• [Aim of the task]: All lines in the data that hold the word "width" need copying.

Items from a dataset
--------------------------------------------------
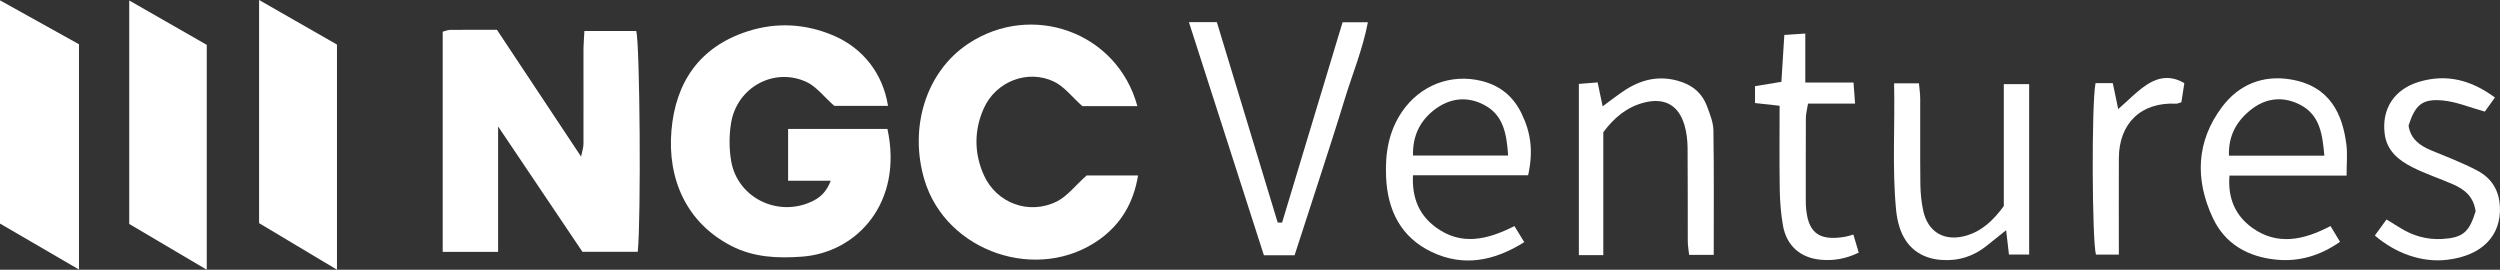 <?xml version="1.0" encoding="UTF-8"?>
<svg id="Layer_2" data-name="Layer 2" xmlns="http://www.w3.org/2000/svg" viewBox="0 0 655.85 70.77">
  <rect x="0" y="0" width="655.85" height="70.77" fill="#333333" stroke="none"/>
  <defs>
    <style>
      .cls-1 {
        fill: #fff;
        stroke-width: 0px;
      }
    </style>
  </defs>
  <g id="NGC">
    <path class="cls-1" d="m116.13,8.32c.68-.18,1.31-.47,1.94-.48,3.99-.04,7.98-.02,12.3-.02,7.25,10.92,14.49,21.85,22.07,33.26.27-1.34.62-2.33.63-3.31.03-8.15-.02-16.3,0-24.45,0-1.62.15-3.24.24-5.19h13.61c.95,3.67,1.28,48.84.39,57.92h-14.52c-7.08-10.52-14.29-21.24-22.12-32.88v32.9h-14.53V8.32Z"/>
    <path class="cls-1" d="m232.97,27.78h-14.1c-2.74-2.41-4.74-5.14-7.42-6.34-8.54-3.82-18.13,1.53-19.66,10.83-.53,3.23-.53,6.69.01,9.91,1.66,9.88,12.62,15.06,21.62,10.46,1.99-1.02,3.44-2.48,4.52-5.22h-11.19v-13.6h26.06c4.17,19.28-7.92,32.45-22.43,33.51-6.4.47-12.62.2-18.48-2.8-11.8-6.05-16.86-17.55-15.75-30.35,1.1-12.67,7.42-21.9,19.94-25.95,7.53-2.44,15.11-2.04,22.44,1.04,7.84,3.29,13.08,10.02,14.43,18.49Z"/>
    <path class="cls-1" d="m298.37,27.85h-14.42c-2.78-2.48-4.77-5.16-7.43-6.43-6.93-3.32-15.28-.05-18.44,7.02-2.55,5.7-2.55,11.71-.02,17.41,3.32,7.48,11.95,10.67,19.27,6.96,2.66-1.35,4.65-4.01,7.73-6.78h13.5c-1.17,7.14-4.46,12.69-10.01,16.71-16.1,11.63-40.32,3.44-46.02-15.52-4.09-13.63.29-28.37,11.55-35.8,16.61-10.96,39.01-3.05,44.3,16.43Z"/>
    <path class="cls-1" d="m0,.09c7.15,3.97,13.79,7.67,20.72,11.52v59.1c-7.19-4.18-13.87-8.07-20.72-12.06V.09Z"/>
    <path class="cls-1" d="m33.9,58.76V.12c7.07,4.05,13.67,7.83,20.34,11.65v58.99c-7.07-4.17-13.6-8.03-20.34-12.01Z"/>
    <path class="cls-1" d="m67.97,0c7.24,4.14,13.83,7.92,20.43,11.69v59.06c-7.15-4.28-13.8-8.25-20.43-12.21V0Z"/>
    <path class="cls-1" d="m311.89,5.81h7.34c5.35,17.61,10.66,35.09,15.96,52.57.38,0,.76.01,1.15.02,5.27-17.46,10.55-34.92,15.87-52.56h6.64c-1.38,7.19-4.11,13.71-6.15,20.4-2.07,6.82-4.29,13.59-6.47,20.37-2.18,6.76-4.39,13.51-6.61,20.36h-8.05c-6.53-20.3-13.04-40.55-19.67-61.16Z"/>
    <path class="cls-1" d="m615.59,46.07h-30.71c-.5,5.97,1.61,10.55,5.93,13.66,6.59,4.75,13.49,3.29,20.58-.43.8,1.33,1.61,2.67,2.49,4.14-5.25,3.65-10.73,5.26-16.7,4.68-7.41-.72-13.46-4.07-16.68-10.97-4.7-10.05-4.36-20.06,2.44-29.11,4.38-5.83,10.67-8.43,18.02-7.2,10.48,1.75,13.6,9.34,14.59,17.07.31,2.43.05,4.94.05,8.16Zm-5.82-5.23c-.49-5.67-1.19-10.63-6.24-13.3-4.28-2.26-8.75-1.98-12.68.98-3.96,2.99-6.29,6.91-6.11,12.32h25.02Z"/>
    <path class="cls-1" d="m400.88,45.98h-30.2c-.3,5.94,1.63,10.46,6,13.66,6.63,4.87,13.45,3.3,20.62-.33.78,1.28,1.58,2.59,2.57,4.21-7.91,4.98-15.97,6.54-24.28,2.58-8.1-3.86-11.61-10.94-11.97-19.76-.26-6.12.67-11.88,4.2-17.05,4.75-6.96,12.85-10.05,20.87-8.05,4.84,1.2,8.27,4.02,10.44,8.46,2.54,5.2,3.12,10.01,1.76,16.27Zm-5.24-5.17c-.38-5.75-1.23-10.6-6.27-13.28-4.53-2.4-9.11-1.78-13.08,1.27-3.79,2.92-5.74,6.9-5.6,12.01h24.96Z"/>
    <path class="cls-1" d="m496.9,21.87h6.52c.13,1.47.33,2.74.33,4.01.03,7.48-.05,14.97.04,22.45.03,2.31.26,4.65.74,6.91,1.23,5.69,5.59,8.2,11.21,6.6,4.21-1.2,7.18-4.02,9.94-7.78v-31.99h6.65v44.71h-5.3c-.23-1.98-.45-3.88-.74-6.38-1.94,1.55-3.47,2.75-4.98,3.98-3.51,2.87-7.52,4.15-12.05,3.81-5.49-.41-9.31-3.4-10.96-8.65-.44-1.41-.72-2.9-.87-4.38-1.06-10.92-.28-21.84-.53-33.28Z"/>
    <path class="cls-1" d="m420.61,66.94h-6.41V22.01c1.52-.12,3.08-.24,4.92-.39.43,2.06.79,3.77,1.32,6.28,1.76-1.31,3.13-2.36,4.53-3.36,4.5-3.24,9.3-4.91,14.97-3.41,3.88,1.02,6.56,3.17,7.92,6.86.74,2.01,1.61,4.13,1.64,6.22.16,10.78.08,21.56.08,32.66h-6.45c-.12-1.13-.36-2.39-.36-3.65-.03-8.15.03-16.3-.05-24.45-.02-1.96-.25-3.99-.79-5.87-1.55-5.36-5.3-7.39-10.72-5.96-4.36,1.15-7.66,3.81-10.6,7.74v32.27Z"/>
    <path class="cls-1" d="m649.46,55.47c-.54-3.98-3.01-5.85-6.03-7.16-3.5-1.52-7.16-2.71-10.55-4.43-3.62-1.83-6.74-4.3-7.29-8.82-.8-6.54,2.53-11.65,9.03-13.6,7.25-2.17,13.71-.45,19.9,4.12-1.06,1.48-1.99,2.78-2.65,3.7-3.93-1.08-7.47-2.61-11.11-2.93-5.38-.48-7.16,1.2-8.9,6.61.54,3.54,2.99,5.28,6.08,6.55,3.99,1.63,8.03,3.19,11.84,5.18,3.74,1.95,5.86,5.1,6.05,9.6.31,7.36-4.47,12.77-13.88,13.87-6.56.76-13.43-1.65-18.93-6.37.95-1.3,1.9-2.62,3.06-4.22,1.29.8,2.5,1.55,3.71,2.29,3.35,2.06,6.98,3.06,10.91,2.83,5.37-.31,7.07-1.75,8.74-7.22Z"/>
    <path class="cls-1" d="m473.61,21.65h12.64c.14,1.89.26,3.45.41,5.52h-12.34c-.24,1.54-.56,2.63-.57,3.72-.04,7.31-.02,14.63-.02,21.94,0,.33,0,.67.02,1,.4,7.17,3.26,9.48,10.32,8.28.63-.11,1.25-.33,2.14-.58.48,1.62.93,3.12,1.41,4.74-3.39,1.64-6.61,2.18-9.96,1.87-5.33-.49-8.97-3.66-9.91-8.93-.55-3.09-.79-6.26-.85-9.39-.12-7.28-.04-14.56-.04-22.08-2.34-.26-4.26-.47-6.45-.71v-4.42c2.3-.38,4.39-.73,6.92-1.15.25-4.03.5-7.94.77-12.29,1.79-.12,3.35-.23,5.5-.37v12.84Z"/>
    <path class="cls-1" d="m549.73,21.81h4.54c.46,2.21.92,4.42,1.42,6.81,2.62-2.27,4.93-4.74,7.69-6.52,2.86-1.84,6.17-2.39,9.66-.28-.27,1.72-.54,3.45-.78,5-.72.21-1.04.4-1.35.38-9.15-.46-15.01,5.06-15.05,14.3-.04,8.3,0,16.61,0,25.29h-6.01c-1.01-3.6-1.2-39.35-.11-44.98Z"/>
  </g>
</svg>
--------------------------------------------------
• [Answer space]:
  <rect x="0" y="0" width="655.85" height="70.77" fill="#333333" stroke="none"/>
        stroke-width: 0px;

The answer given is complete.